ByT5: Towards a token-free future with pre-trained byte-to-byte models
This has a tantalizing proposal of a byte-level model that does away with the tokenizer.
- What’s new in the paper?
- Do you have a clear overview about what the paper is all about?
The paper is arguing that there should be serious reconsideration to token-free models because there are many benefits to them:
- Any language out of the box
- robust to noise
- remove complexity
- less sensitive to spelling
In this paper, we show that a standard Transformer architecture can be used with minimal modifications to process byte sequences.
This could prove to be a very valuable find, because although in some cases tokenizers can be simply used, in others they add complexity that ultimately causes issues. It would also be cool to have inline translation if the model is able to ingest per character representations.
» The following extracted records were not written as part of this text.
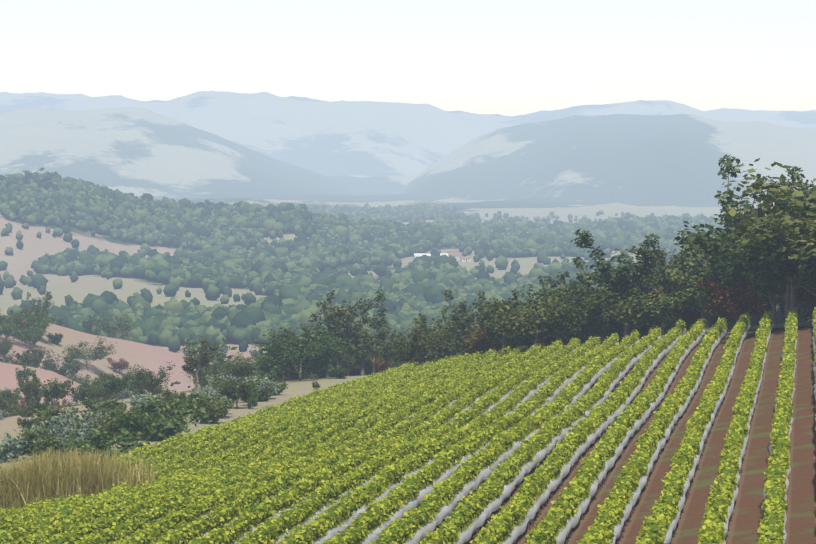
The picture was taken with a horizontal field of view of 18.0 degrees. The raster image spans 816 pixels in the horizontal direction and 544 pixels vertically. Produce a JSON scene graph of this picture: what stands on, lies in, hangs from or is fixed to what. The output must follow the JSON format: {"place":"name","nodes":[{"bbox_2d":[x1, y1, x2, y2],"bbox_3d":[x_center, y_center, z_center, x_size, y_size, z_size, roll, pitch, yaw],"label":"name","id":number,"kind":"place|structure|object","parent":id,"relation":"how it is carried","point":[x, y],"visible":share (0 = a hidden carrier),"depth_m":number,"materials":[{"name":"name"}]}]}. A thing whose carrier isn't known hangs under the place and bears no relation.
{"place":"outdoors","nodes":[
{"label":"outdoors","id":0,"kind":"place"},
{"bbox_2d":[0,91,815,543],"bbox_3d":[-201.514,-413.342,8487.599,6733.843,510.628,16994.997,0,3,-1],"label":"ground","id":1,"kind":"structure","parent":0,"point":[612,159],"depth_m":6485.64,"materials":[{"name":"soil"}]},
{"bbox_2d":[0,321,15,337],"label":"round tree","id":2,"kind":"object","parent":1,"relation":"on","point":[6,330],"visible":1,"depth_m":873.48,"materials":[{"name":"green plant"}]},
{"bbox_2d":[0,387,20,406],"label":"bush","id":3,"kind":"object","parent":1,"relation":"on","point":[8,393],"visible":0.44,"depth_m":600.90,"materials":[{"name":"green plant"}]},
{"bbox_2d":[0,392,23,410],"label":"bush","id":4,"kind":"object","parent":1,"relation":"on","point":[4,404],"visible":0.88,"depth_m":518.87,"materials":[{"name":"green plant"}]},
{"bbox_2d":[0,429,30,462],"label":"bush","id":5,"kind":"object","parent":1,"relation":"on","point":[8,451],"visible":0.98,"depth_m":304.81,"materials":[{"name":"green plant"}]},
{"bbox_2d":[15,363,39,388],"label":"eucalyptus tree","id":6,"kind":"object","parent":1,"relation":"on","point":[25,373],"visible":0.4,"depth_m":614.30,"materials":[{"name":"green plant"}]},
{"bbox_2d":[7,320,48,349],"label":"broad tree","id":7,"kind":"object","parent":1,"relation":"on","point":[31,335],"visible":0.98,"depth_m":880.55,"materials":[{"name":"green plant"}]},
{"bbox_2d":[12,346,46,367],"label":"bush","id":8,"kind":"object","parent":1,"relation":"on","point":[33,357],"visible":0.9,"depth_m":842.33,"materials":[{"name":"green plant"}]},
{"bbox_2d":[19,376,42,411],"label":"bush","id":9,"kind":"object","parent":1,"relation":"on","point":[31,387],"visible":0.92,"depth_m":518.70,"materials":[{"name":"green plant"}]},
{"bbox_2d":[12,425,53,459],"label":"shrub","id":10,"kind":"object","parent":1,"relation":"on","point":[30,435],"visible":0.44,"depth_m":306.73,"materials":[{"name":"green plant"}]},
{"bbox_2d":[11,168,57,184],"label":"eucalyptus tree","id":11,"kind":"object","parent":1,"relation":"on","point":[36,176],"visible":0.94,"depth_m":2863.16,"materials":[{"name":"green plant"}]},
{"bbox_2d":[8,309,60,329],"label":"bush","id":12,"kind":"object","parent":1,"relation":"on","point":[46,322],"visible":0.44,"depth_m":906.79,"materials":[{"name":"green plant"}]},
{"bbox_2d":[24,400,50,414],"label":"bush","id":13,"kind":"object","parent":1,"relation":"on","point":[37,405],"visible":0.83,"depth_m":448.47,"materials":[{"name":"green plant"}]},
{"bbox_2d":[26,291,54,316],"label":"eucalyptus tree","id":14,"kind":"object","parent":1,"relation":"on","point":[44,304],"visible":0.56,"depth_m":1055.56,"materials":[{"name":"green plant"}]},
{"bbox_2d":[31,407,60,427],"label":"shrub","id":15,"kind":"object","parent":1,"relation":"on","point":[38,423],"visible":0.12,"depth_m":377.09,"materials":[{"name":"green plant"}]},
{"bbox_2d":[31,378,72,408],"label":"bush","id":16,"kind":"object","parent":1,"relation":"on","point":[57,390],"visible":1,"depth_m":498.75,"materials":[{"name":"green plant"}]},
{"bbox_2d":[32,433,90,457],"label":"shrub","id":17,"kind":"object","parent":1,"relation":"on","point":[50,444],"visible":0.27,"depth_m":292.20,"materials":[{"name":"green plant"}]},
{"bbox_2d":[40,349,85,375],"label":"bush","id":18,"kind":"object","parent":1,"relation":"on","point":[74,367],"visible":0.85,"depth_m":857.20,"materials":[{"name":"green plant"}]},
{"bbox_2d":[40,405,99,422],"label":"shrub","id":19,"kind":"object","parent":1,"relation":"on","point":[48,416],"visible":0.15,"depth_m":371.61,"materials":[{"name":"green plant"}]},
{"bbox_2d":[40,409,100,439],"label":"bush","id":20,"kind":"object","parent":1,"relation":"on","point":[51,425],"visible":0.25,"depth_m":330.06,"materials":[{"name":"green plant"}]},
{"bbox_2d":[49,418,93,449],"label":"bush","id":21,"kind":"object","parent":1,"relation":"on","point":[60,433],"visible":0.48,"depth_m":309.83,"materials":[{"name":"green plant"}]},
{"bbox_2d":[69,381,98,402],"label":"bush","id":22,"kind":"object","parent":1,"relation":"on","point":[83,390],"visible":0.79,"depth_m":531.31,"materials":[{"name":"green plant"}]},
{"bbox_2d":[62,336,117,369],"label":"broad tree","id":23,"kind":"object","parent":1,"relation":"on","point":[100,354],"visible":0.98,"depth_m":895.69,"materials":[{"name":"green plant"}]},
{"bbox_2d":[81,315,101,335],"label":"eucalyptus tree","id":24,"kind":"object","parent":1,"relation":"on","point":[88,324],"visible":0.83,"depth_m":1112.31,"materials":[{"name":"green plant"}]},
{"bbox_2d":[0,447,186,508],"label":"tall grass","id":25,"kind":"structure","parent":1,"relation":"on","point":[22,483],"depth_m":223.69,"materials":[{"name":"beige plant"}]},
{"bbox_2d":[80,405,114,430],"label":"bush","id":26,"kind":"object","parent":1,"relation":"on","point":[91,415],"visible":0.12,"depth_m":356.27,"materials":[{"name":"green plant"}]},
{"bbox_2d":[77,397,126,412],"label":"shrub","id":27,"kind":"object","parent":1,"relation":"on","point":[91,403],"visible":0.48,"depth_m":405.78,"materials":[{"name":"green plant"}]},
{"bbox_2d":[91,416,122,440],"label":"shrub","id":28,"kind":"object","parent":1,"relation":"on","point":[112,427],"visible":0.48,"depth_m":335.79,"materials":[{"name":"green plant"}]},
{"bbox_2d":[69,428,149,460],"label":"shrub","id":29,"kind":"object","parent":1,"relation":"on","point":[99,444],"visible":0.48,"depth_m":288.07,"materials":[{"name":"green plant"}]},
{"bbox_2d":[91,310,133,337],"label":"broad tree","id":30,"kind":"object","parent":1,"relation":"on","point":[104,325],"visible":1,"depth_m":1059.72,"materials":[{"name":"green plant"}]},
{"bbox_2d":[96,317,132,338],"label":"bush","id":31,"kind":"object","parent":1,"relation":"on","point":[126,333],"visible":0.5,"depth_m":1098.73,"materials":[{"name":"green plant"}]},
{"bbox_2d":[100,373,129,397],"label":"bush","id":32,"kind":"object","parent":1,"relation":"on","point":[117,384],"visible":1,"depth_m":488.28,"materials":[{"name":"green plant"}]},
{"bbox_2d":[106,358,129,373],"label":"dry tree","id":33,"kind":"object","parent":1,"relation":"on","point":[120,364],"visible":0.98,"depth_m":921.35,"materials":[{"name":"brown plant"}]},
{"bbox_2d":[114,407,158,446],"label":"bush","id":34,"kind":"object","parent":1,"relation":"on","point":[128,422],"visible":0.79,"depth_m":317.26,"materials":[{"name":"green plant"}]},
{"bbox_2d":[127,388,156,408],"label":"bush","id":35,"kind":"object","parent":1,"relation":"on","point":[135,399],"visible":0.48,"depth_m":431.30,"materials":[{"name":"green plant"}]},
{"bbox_2d":[122,372,167,395],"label":"bush","id":36,"kind":"object","parent":1,"relation":"on","point":[139,391],"visible":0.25,"depth_m":535.93,"materials":[{"name":"green plant"}]},
{"bbox_2d":[127,361,174,393],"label":"bush","id":37,"kind":"object","parent":1,"relation":"on","point":[146,380],"visible":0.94,"depth_m":491.13,"materials":[{"name":"green plant"}]},
{"bbox_2d":[128,395,209,440],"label":"shrub","id":38,"kind":"object","parent":1,"relation":"on","point":[163,428],"visible":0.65,"depth_m":332.54,"materials":[{"name":"green plant"}]},
{"bbox_2d":[159,388,185,404],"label":"bush","id":39,"kind":"object","parent":1,"relation":"on","point":[168,393],"visible":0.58,"depth_m":383.72,"materials":[{"name":"green plant"}]},
{"bbox_2d":[181,339,219,389],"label":"eucalyptus tree","id":40,"kind":"object","parent":1,"relation":"on","point":[205,357],"visible":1,"depth_m":481.59,"materials":[{"name":"green plant"}]},
{"bbox_2d":[182,359,232,385],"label":"bush","id":41,"kind":"object","parent":1,"relation":"on","point":[204,375],"visible":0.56,"depth_m":518.78,"materials":[{"name":"green plant"}]},
{"bbox_2d":[197,403,227,423],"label":"shrub","id":42,"kind":"object","parent":1,"relation":"on","point":[216,414],"visible":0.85,"depth_m":358.68,"materials":[{"name":"green plant"}]},
{"bbox_2d":[192,397,233,414],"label":"shrub","id":43,"kind":"object","parent":1,"relation":"on","point":[213,401],"visible":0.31,"depth_m":369.26,"materials":[{"name":"green plant"}]},
{"bbox_2d":[200,351,233,376],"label":"bush","id":44,"kind":"object","parent":1,"relation":"on","point":[219,359],"visible":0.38,"depth_m":524.53,"materials":[{"name":"green plant"}]},
{"bbox_2d":[170,335,281,388],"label":"broad tree","id":45,"kind":"object","parent":1,"relation":"on","point":[195,344],"depth_m":637.38,"materials":[{"name":"green plant"}]},
{"bbox_2d":[217,357,253,377],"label":"bush","id":46,"kind":"object","parent":1,"relation":"on","point":[234,370],"visible":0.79,"depth_m":492.07,"materials":[{"name":"green plant"}]},
{"bbox_2d":[219,378,254,408],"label":"bush","id":47,"kind":"object","parent":1,"relation":"on","point":[242,390],"visible":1,"depth_m":390.63,"materials":[{"name":"green plant"}]},
{"bbox_2d":[229,351,273,376],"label":"bush","id":48,"kind":"object","parent":1,"relation":"on","point":[247,366],"visible":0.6,"depth_m":488.63,"materials":[{"name":"green plant"}]},
{"bbox_2d":[239,380,271,401],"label":"shrub","id":49,"kind":"object","parent":1,"relation":"on","point":[264,395],"visible":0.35,"depth_m":409.45,"materials":[{"name":"green plant"}]},
{"bbox_2d":[242,371,280,396],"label":"bush","id":50,"kind":"object","parent":1,"relation":"on","point":[271,386],"visible":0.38,"depth_m":415.13,"materials":[{"name":"green plant"}]},
{"bbox_2d":[255,364,284,382],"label":"shrub","id":51,"kind":"object","parent":1,"relation":"on","point":[275,373],"visible":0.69,"depth_m":475.01,"materials":[{"name":"green plant"}]},
{"bbox_2d":[257,354,289,376],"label":"round tree","id":52,"kind":"object","parent":1,"relation":"on","point":[261,359],"visible":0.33,"depth_m":484.14,"materials":[{"name":"green plant"}]},
{"bbox_2d":[274,334,303,380],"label":"eucalyptus tree","id":53,"kind":"object","parent":1,"relation":"on","point":[296,341],"visible":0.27,"depth_m":483.03,"materials":[{"name":"green plant"}]},
{"bbox_2d":[249,315,349,379],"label":"broad tree","id":54,"kind":"object","parent":1,"relation":"on","point":[302,344],"visible":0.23,"depth_m":488.27,"materials":[{"name":"green plant"}]},
{"bbox_2d":[261,329,348,380],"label":"broad tree","id":55,"kind":"object","parent":1,"relation":"on","point":[317,354],"visible":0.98,"depth_m":476.52,"materials":[{"name":"green plant"}]},
{"bbox_2d":[300,290,354,377],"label":"eucalyptus tree","id":56,"kind":"object","parent":1,"relation":"on","point":[332,313],"visible":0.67,"depth_m":491.91,"materials":[{"name":"green plant"}]},
{"bbox_2d":[327,365,347,378],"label":"shrub","id":57,"kind":"object","parent":1,"relation":"on","point":[337,372],"visible":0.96,"depth_m":473.64,"materials":[{"name":"green plant"}]},
{"bbox_2d":[329,342,349,366],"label":"eucalyptus tree","id":58,"kind":"object","parent":1,"relation":"on","point":[336,356],"visible":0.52,"depth_m":490.50,"materials":[{"name":"green plant"}]},
{"bbox_2d":[318,331,373,375],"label":"round tree","id":59,"kind":"object","parent":1,"relation":"on","point":[351,348],"visible":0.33,"depth_m":514.27,"materials":[{"name":"green plant"}]},
{"bbox_2d":[334,289,389,375],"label":"eucalyptus tree","id":60,"kind":"object","parent":1,"relation":"on","point":[379,322],"visible":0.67,"depth_m":498.69,"materials":[{"name":"green plant"}]},
{"bbox_2d":[356,320,392,372],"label":"eucalyptus tree","id":61,"kind":"object","parent":1,"relation":"on","point":[375,344],"visible":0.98,"depth_m":481.80,"materials":[{"name":"green plant"}]},
{"bbox_2d":[367,355,390,372],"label":"bush","id":62,"kind":"object","parent":1,"relation":"on","point":[381,366],"visible":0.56,"depth_m":490.88,"materials":[{"name":"brown plant"}]},
{"bbox_2d":[0,171,766,351],"bbox_3d":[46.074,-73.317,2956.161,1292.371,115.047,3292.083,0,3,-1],"label":"trees","id":63,"kind":"object","parent":1,"relation":"on","point":[238,251],"visible":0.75,"depth_m":2466.75,"materials":[{"name":"green plant"}]},
{"bbox_2d":[381,330,407,366],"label":"bush","id":64,"kind":"object","parent":1,"relation":"on","point":[389,358],"visible":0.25,"depth_m":484.92,"materials":[{"name":"green plant"}]},
{"bbox_2d":[25,337,788,543],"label":"vine posts","id":65,"kind":"object","parent":1,"relation":"on","point":[434,462],"visible":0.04,"depth_m":192.43,"materials":[{"name":"wood"}]},
{"bbox_2d":[0,307,815,543],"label":"vine","id":66,"kind":"object","parent":1,"relation":"on","point":[728,488],"depth_m":193.59,"materials":[{"name":"green plant"}]},
{"bbox_2d":[379,321,457,364],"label":"bush","id":67,"kind":"object","parent":1,"relation":"on","point":[423,345],"visible":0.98,"depth_m":412.30,"materials":[{"name":"green plant"}]},
{"bbox_2d":[404,305,458,355],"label":"eucalyptus tree","id":68,"kind":"object","parent":1,"relation":"on","point":[422,317],"visible":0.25,"depth_m":438.45,"materials":[{"name":"green plant"}]},
{"bbox_2d":[424,307,472,354],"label":"tree","id":69,"kind":"object","parent":1,"relation":"on","point":[450,333],"visible":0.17,"depth_m":428.55,"materials":[{"name":"green plant"}]},
{"bbox_2d":[442,289,495,341],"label":"eucalyptus tree","id":70,"kind":"object","parent":1,"relation":"on","point":[466,327],"visible":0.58,"depth_m":418.54,"materials":[{"name":"green plant"}]},
{"bbox_2d":[125,319,815,543],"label":"vine nets","id":71,"kind":"object","parent":1,"relation":"on","point":[477,522],"visible":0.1,"depth_m":175.53},
{"bbox_2d":[463,326,501,354],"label":"bush","id":72,"kind":"object","parent":1,"relation":"on","point":[480,343],"visible":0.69,"depth_m":397.85,"materials":[{"name":"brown plant"}]},
{"bbox_2d":[474,289,520,347],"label":"eucalyptus tree","id":73,"kind":"object","parent":1,"relation":"on","point":[491,333],"visible":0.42,"depth_m":391.24,"materials":[{"name":"green plant"}]},
{"bbox_2d":[498,327,532,348],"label":"bush","id":74,"kind":"object","parent":1,"relation":"on","point":[511,342],"visible":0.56,"depth_m":389.02,"materials":[{"name":"green plant"}]},
{"bbox_2d":[475,280,587,345],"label":"bush","id":75,"kind":"object","parent":1,"relation":"on","point":[526,316],"visible":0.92,"depth_m":367.57,"materials":[{"name":"green plant"}]},
{"bbox_2d":[533,272,590,344],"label":"eucalyptus tree","id":76,"kind":"object","parent":1,"relation":"on","point":[573,292],"visible":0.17,"depth_m":380.54,"materials":[{"name":"green plant"}]},
{"bbox_2d":[537,271,598,345],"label":"eucalyptus tree","id":77,"kind":"object","parent":1,"relation":"on","point":[588,280],"visible":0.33,"depth_m":377.21,"materials":[{"name":"green plant"}]},
{"bbox_2d":[524,290,623,342],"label":"bush","id":78,"kind":"object","parent":1,"relation":"on","point":[563,334],"visible":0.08,"depth_m":372.37,"materials":[{"name":"green plant"}]},
{"bbox_2d":[544,256,614,344],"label":"eucalyptus tree","id":79,"kind":"object","parent":1,"relation":"on","point":[561,279],"visible":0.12,"depth_m":381.47,"materials":[{"name":"green plant"}]},
{"bbox_2d":[544,296,622,338],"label":"bush","id":80,"kind":"object","parent":1,"relation":"on","point":[567,322],"visible":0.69,"depth_m":364.73,"materials":[{"name":"green plant"}]},
{"bbox_2d":[559,275,614,312],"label":"eucalyptus tree","id":81,"kind":"object","parent":1,"relation":"on","point":[581,295],"visible":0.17,"depth_m":373.88,"materials":[{"name":"green plant"}]},
{"bbox_2d":[581,309,620,342],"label":"bush","id":82,"kind":"object","parent":1,"relation":"on","point":[592,327],"visible":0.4,"depth_m":364.92,"materials":[{"name":"green plant"}]},
{"bbox_2d":[575,274,660,330],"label":"broad tree","id":83,"kind":"object","parent":1,"relation":"on","point":[597,294],"visible":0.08,"depth_m":365.39,"materials":[{"name":"green plant"}]},
{"bbox_2d":[570,228,684,336],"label":"eucalyptus tree","id":84,"kind":"object","parent":1,"relation":"on","point":[603,267],"visible":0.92,"depth_m":358.26,"materials":[{"name":"green plant"}]},
{"bbox_2d":[588,273,683,331],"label":"broad tree","id":85,"kind":"object","parent":1,"relation":"on","point":[641,317],"visible":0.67,"depth_m":354.40,"materials":[{"name":"green plant"}]},
{"bbox_2d":[621,318,670,339],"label":"bush","id":86,"kind":"object","parent":1,"relation":"on","point":[647,328],"visible":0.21,"depth_m":364.56,"materials":[{"name":"green plant"}]},
{"bbox_2d":[604,269,705,337],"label":"broad tree","id":87,"kind":"object","parent":1,"relation":"on","point":[669,306],"visible":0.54,"depth_m":351.89,"materials":[{"name":"green plant"}]},
{"bbox_2d":[653,285,712,325],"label":"bush","id":88,"kind":"object","parent":1,"relation":"on","point":[691,317],"visible":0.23,"depth_m":357.85,"materials":[{"name":"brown plant"}]},
{"bbox_2d":[665,249,713,317],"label":"broad tree","id":89,"kind":"object","parent":1,"relation":"on","point":[679,264],"visible":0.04,"depth_m":356.47,"materials":[{"name":"green plant"}]},
{"bbox_2d":[665,259,731,318],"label":"round tree","id":90,"kind":"object","parent":1,"relation":"on","point":[676,278],"visible":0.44,"depth_m":350.95,"materials":[{"name":"green plant"}]},
{"bbox_2d":[673,228,727,329],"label":"eucalyptus tree","id":91,"kind":"object","parent":1,"relation":"on","point":[693,266],"visible":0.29,"depth_m":354.79,"materials":[{"name":"green plant"}]},
{"bbox_2d":[687,256,765,324],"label":"broad tree","id":92,"kind":"object","parent":1,"relation":"on","point":[707,294],"visible":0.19,"depth_m":341.54,"materials":[{"name":"green plant"}]},
{"bbox_2d":[698,192,755,325],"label":"eucalyptus tree","id":93,"kind":"object","parent":1,"relation":"on","point":[753,318],"visible":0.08,"depth_m":351.97,"materials":[{"name":"green plant"}]},
{"bbox_2d":[704,299,751,328],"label":"bush","id":94,"kind":"object","parent":1,"relation":"on","point":[720,312],"visible":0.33,"depth_m":338.80,"materials":[{"name":"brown plant"}]},
{"bbox_2d":[698,277,768,318],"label":"bush","id":95,"kind":"object","parent":1,"relation":"on","point":[735,308],"visible":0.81,"depth_m":333.69,"materials":[{"name":"brown plant"}]},
{"bbox_2d":[674,200,806,317],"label":"broad tree","id":96,"kind":"object","parent":1,"relation":"on","point":[705,238],"visible":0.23,"depth_m":330.57,"materials":[{"name":"green plant"}]},
{"bbox_2d":[715,154,808,323],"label":"eucalyptus tree","id":97,"kind":"object","parent":1,"relation":"on","point":[728,164],"visible":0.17,"depth_m":335.98,"materials":[{"name":"green plant"}]},
{"bbox_2d":[733,202,792,324],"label":"eucalyptus tree","id":98,"kind":"object","parent":1,"relation":"on","point":[787,303],"visible":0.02,"depth_m":318.40,"materials":[{"name":"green plant"}]},
{"bbox_2d":[713,209,815,295],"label":"broad tree","id":99,"kind":"object","parent":1,"relation":"on","point":[749,252],"visible":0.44,"depth_m":303.54,"materials":[{"name":"green plant"}]},
{"bbox_2d":[719,272,814,316],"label":"broad tree","id":100,"kind":"object","parent":1,"relation":"on","point":[781,302],"visible":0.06,"depth_m":343.89,"materials":[{"name":"green plant"}]},
{"bbox_2d":[731,244,804,324],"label":"round tree","id":101,"kind":"object","parent":1,"relation":"on","point":[772,290],"visible":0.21,"depth_m":325.07,"materials":[{"name":"green plant"}]},
{"bbox_2d":[728,158,815,273],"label":"broad tree","id":102,"kind":"object","parent":1,"relation":"on","point":[798,206],"visible":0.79,"depth_m":295.65,"materials":[{"name":"green plant"}]},
{"bbox_2d":[739,166,815,310],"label":"eucalyptus tree","id":103,"kind":"object","parent":1,"relation":"on","point":[793,290],"visible":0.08,"depth_m":315.63,"materials":[{"name":"green plant"}]},
{"bbox_2d":[744,218,815,287],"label":"broad tree","id":104,"kind":"object","parent":1,"relation":"on","point":[803,262],"visible":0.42,"depth_m":300.44,"materials":[{"name":"green plant"}]},
{"bbox_2d":[783,279,815,306],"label":"dry tree","id":105,"kind":"object","parent":1,"relation":"on","point":[804,295],"visible":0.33,"depth_m":319.60,"materials":[{"name":"brown plant"}]},
{"bbox_2d":[786,184,815,226],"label":"eucalyptus tree","id":106,"kind":"object","parent":1,"relation":"on","point":[810,204],"visible":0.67,"depth_m":302.31,"materials":[{"name":"green plant"}]},
{"bbox_2d":[0,0,815,115],"label":"sky","id":107,"kind":"structure","parent":0,"point":[501,57],"materials":[{"name":"white"}]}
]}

3. Look at the images and extract a set of “questions” about what is not clear about their method from the images. Now your job is to answer these questions by reading the paper.
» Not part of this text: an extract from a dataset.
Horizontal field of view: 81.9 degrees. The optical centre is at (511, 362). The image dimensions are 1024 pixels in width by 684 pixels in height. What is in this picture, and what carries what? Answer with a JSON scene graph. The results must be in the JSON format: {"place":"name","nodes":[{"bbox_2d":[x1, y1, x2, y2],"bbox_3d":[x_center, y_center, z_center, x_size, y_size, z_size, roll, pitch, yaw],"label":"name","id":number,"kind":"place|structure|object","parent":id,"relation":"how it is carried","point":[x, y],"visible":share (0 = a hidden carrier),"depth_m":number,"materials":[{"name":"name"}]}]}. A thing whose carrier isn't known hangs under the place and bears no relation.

Fig1 shows the differences between using SentencePiece and UTF-8 Encoding.
One thing they show is they adjust the relative sizes of the Encoder and Decoder Transformers. This makes sense after consideration, because the relationship between letters is more complex than the relationship between higher order word pieces.
Another surprising thing to me is they mask in the middle of a word. This may give stronger representations because the model has to predict quite fine outputs.
One question that always has to be asked with Google papers is if this is tractable to the rest of the world. In related work they cite:
© we explore the effect of model scale, training models beyond 10 billion parameters.
4. Read the method aiming to answer your “questions” about the paper. Focus on understanding only the things relevant for the story (i.e., to understand the contribution).
We expect ByT5 will be particular useful for tasks operating on short-to-medium length text sequences (a few sentences or less), as these will incur less slowdown in fine-tuning and inference.
It seems they are OK with working with shorter sequences. This is reasonable, because there are many tasks that require working with only shorter sequences. Thus it seems reasonable that tokenizers will be around for a while until we are able to have much more compute, and find architectures that model long term dependencies efficiently.
The model can be understood by a few key points:
- The input is simply UTF-8 Encoded Bytes
- The depth of the encoder is decoupled from the decoder.
- Pretrained on a masked span, not single token masking.
Table1 has a interesting insight that for multi-lingual models, the vocab embedding contributes a significant portion to the overall model size if the text is tokenized with pieces of words. However, on the flip side, using just a byte level representation, the embedding is much smaller.
5. Read the experiments to convince you that the show results are caused by their claim. Be aware that the experiments highlighted are the best scenarios and are fully hyper-parameter tuned.
They show that ByT5 is mostly competitive with a Tokenized variant, but excels in smaller model sizes.
Also performs well on Text Generation Tasks:
Not all results are in favor of the ByT5. There are compute and latency concerns that make it slower than a tokenized version. ByT5 is anywhere from 1.1X to 1.25X more training data than mT5 and requires from 1.1X to 7.0X more time in inference mode.
6. Make sure you answered all your questions. Did the authors convince you that their story has the effect that they claim?
I think this is a great work at moving towards a future with tokenizers (as the put it). The advantages of character level representations is very appealing, and I hope the future lends more improvement on attention complexity and speed so character level models can be used easily.
I wonder if this model could benefit from using an ELECTRA pretraining objective? It will probably not improve performance, but make increase training efficiency.